╔══

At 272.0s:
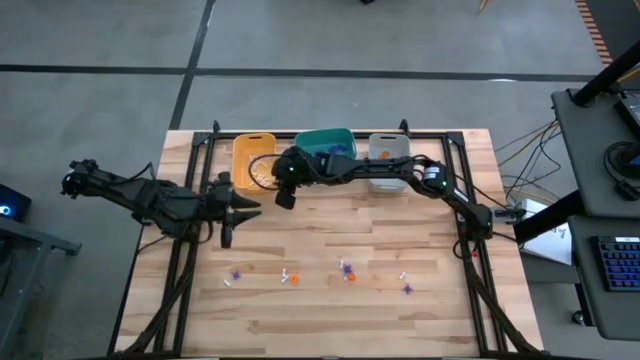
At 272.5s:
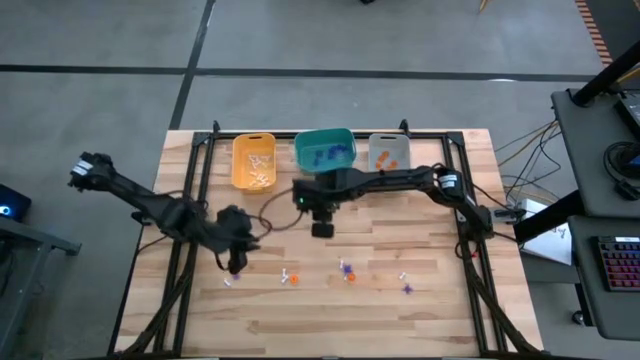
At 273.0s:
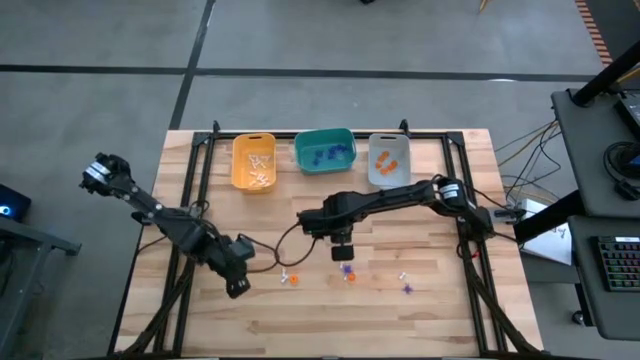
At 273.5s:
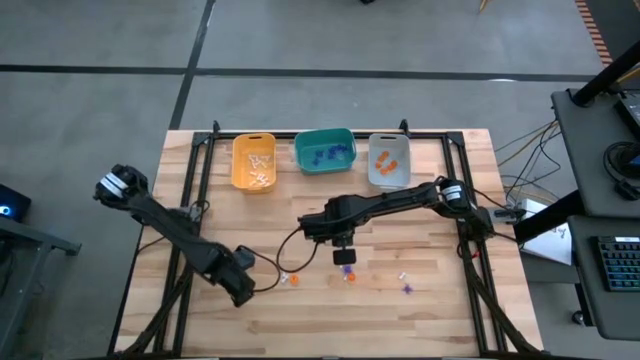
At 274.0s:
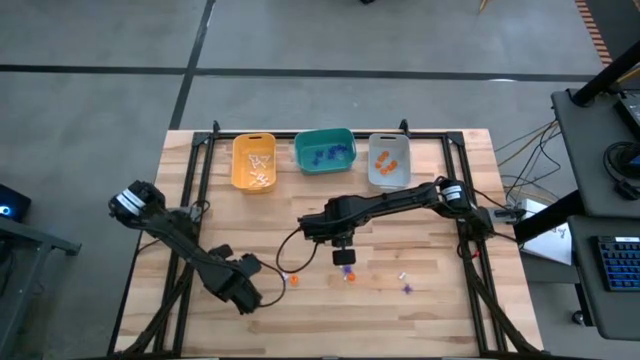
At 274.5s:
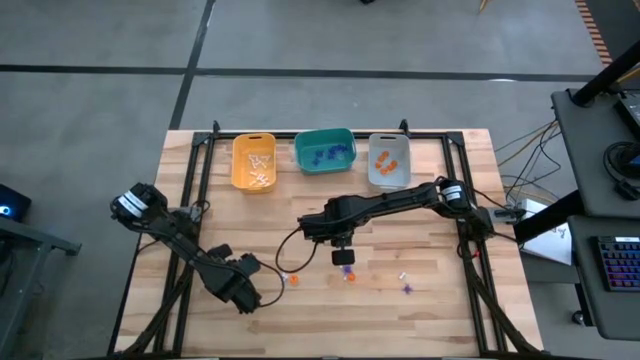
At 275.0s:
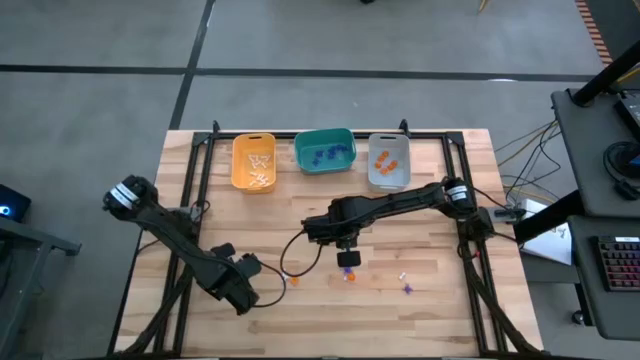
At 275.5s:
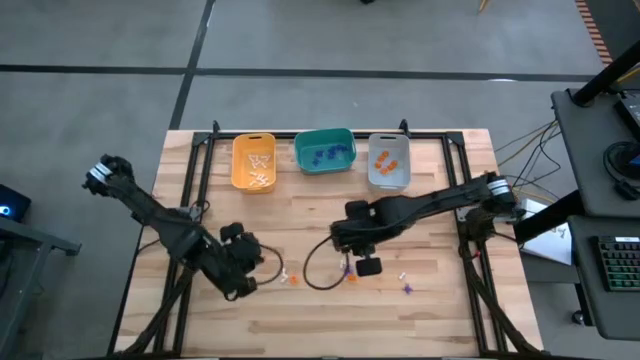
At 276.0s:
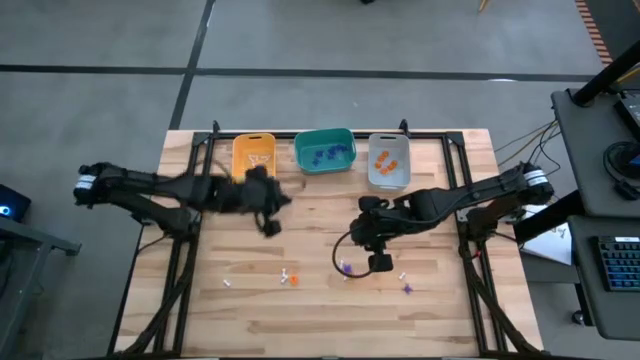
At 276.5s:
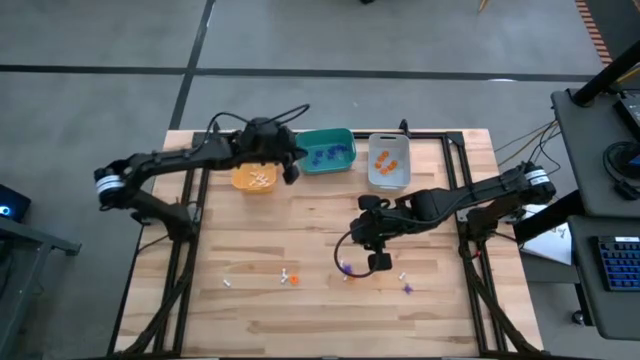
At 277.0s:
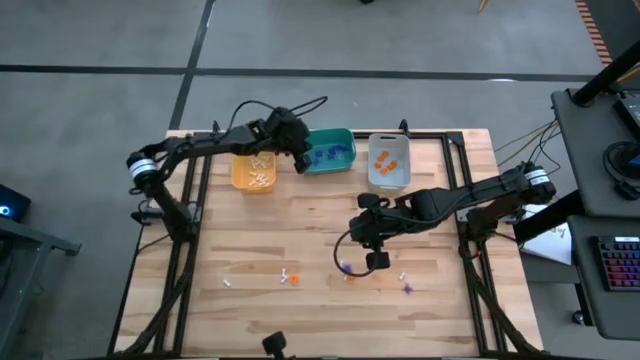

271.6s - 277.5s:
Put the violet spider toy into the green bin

╚══

*TO DO*: All of the material above is to be copied exactly, with no pictures.

*EXERCISE OUTPUT*:
At 272.0s:
At 272.5s:
At 273.0s:
At 273.5s:
At 274.0s:
At 274.5s:
At 275.0s:
At 275.5s:
At 276.0s:
At 276.5s:
At 277.0s:

271.6s - 277.5s:
Put the violet spider toy into the green bin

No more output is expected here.